On the 7th CDC supporters gathered outside their party’s headquarters on Tubman Boulevard, the main arterial route into Liberia’s capital. The protest was unlicensed; officially, campaigning was over. The CDC partisans called themselves ‘CDCians.’ They pronounced this coinage ‘seditions,’ which, in the light of what was to follow, was prophetic.
On Tubman Boulevard the CDC supporters – who were unarmed - faced off with armed units of the Liberian police, stiffened by a contingent from UNMIL, the UN peacekeeping mission in Liberia. At first the atmosphere was unthreatening. Russian-made helicopter gunships with white UN paintjobs orbited high above in a sky of brilliant blue. I vividly remember someone saying all that the occasion needed was cold beer.
A protestor threw the first stone. More projectiles followed. The police responded with teargas. I do not know who fired the first shot, but remember watching a Liberian policeman drop to his knee and shoulder his rifle to fire. A UN policeman yelled, “They’re Liberians.” There was chaos.
Later Winston Tubman and George Weah stood in a house in the party’s compound filled to the gills with furious supporters. Both were dressed in messianic white robes. Upstairs a boy was laid out dead, shot in the head. There were others injured.
Recently I made an overland journey from Sierra Leone’s capital Freetown, where I am based as a correspondent for Reuters, to Abidjan, the commercial capital of Ivory Coast. Travelling with a colleague from the Economist, the trip helped put the region’s current condition into perspective. The upshot for me was that the security issues faced by these three countries today are fundamentally a problem of guns in the wrong hands. However, whose hands are the wrong ones varies from place to place.

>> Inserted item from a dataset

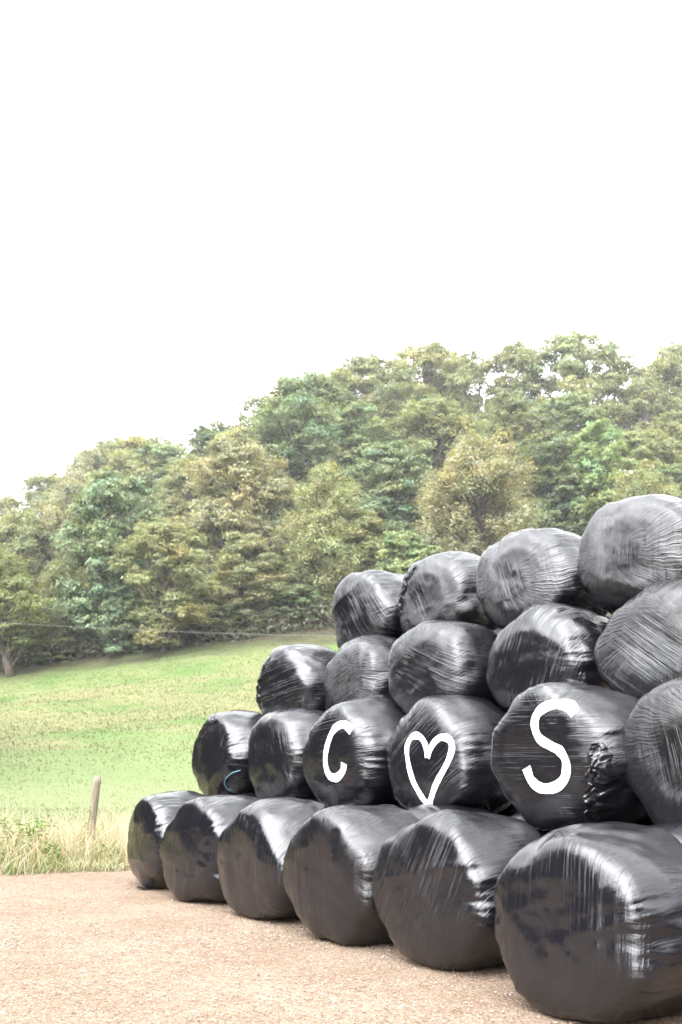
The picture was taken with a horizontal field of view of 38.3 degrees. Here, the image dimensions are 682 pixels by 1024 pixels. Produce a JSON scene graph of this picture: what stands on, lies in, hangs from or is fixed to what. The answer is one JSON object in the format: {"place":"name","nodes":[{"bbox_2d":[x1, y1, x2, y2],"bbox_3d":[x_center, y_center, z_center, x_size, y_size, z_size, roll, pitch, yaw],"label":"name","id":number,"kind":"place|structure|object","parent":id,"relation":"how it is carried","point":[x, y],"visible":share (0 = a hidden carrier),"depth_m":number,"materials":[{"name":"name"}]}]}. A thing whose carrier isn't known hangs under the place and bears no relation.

Arming the police in Sierra Leone
The point here is that the police in Sierra Leone do not need these guns. Although the country is still associated in many western eyes with images of Kalashnikov-toting child soldiers from the 1990s, it is now astonishingly safe. Post-war disarmament campaigns were successful; there are no longer contraband weapons at large. It was once suggested to me that the climate of Africa’s western elbow is part of the reason disarmament has worked. The weather is so humid that weapons cannot be easily hidden in the bush for later recovery as they can in drier countries. They rust to pieces.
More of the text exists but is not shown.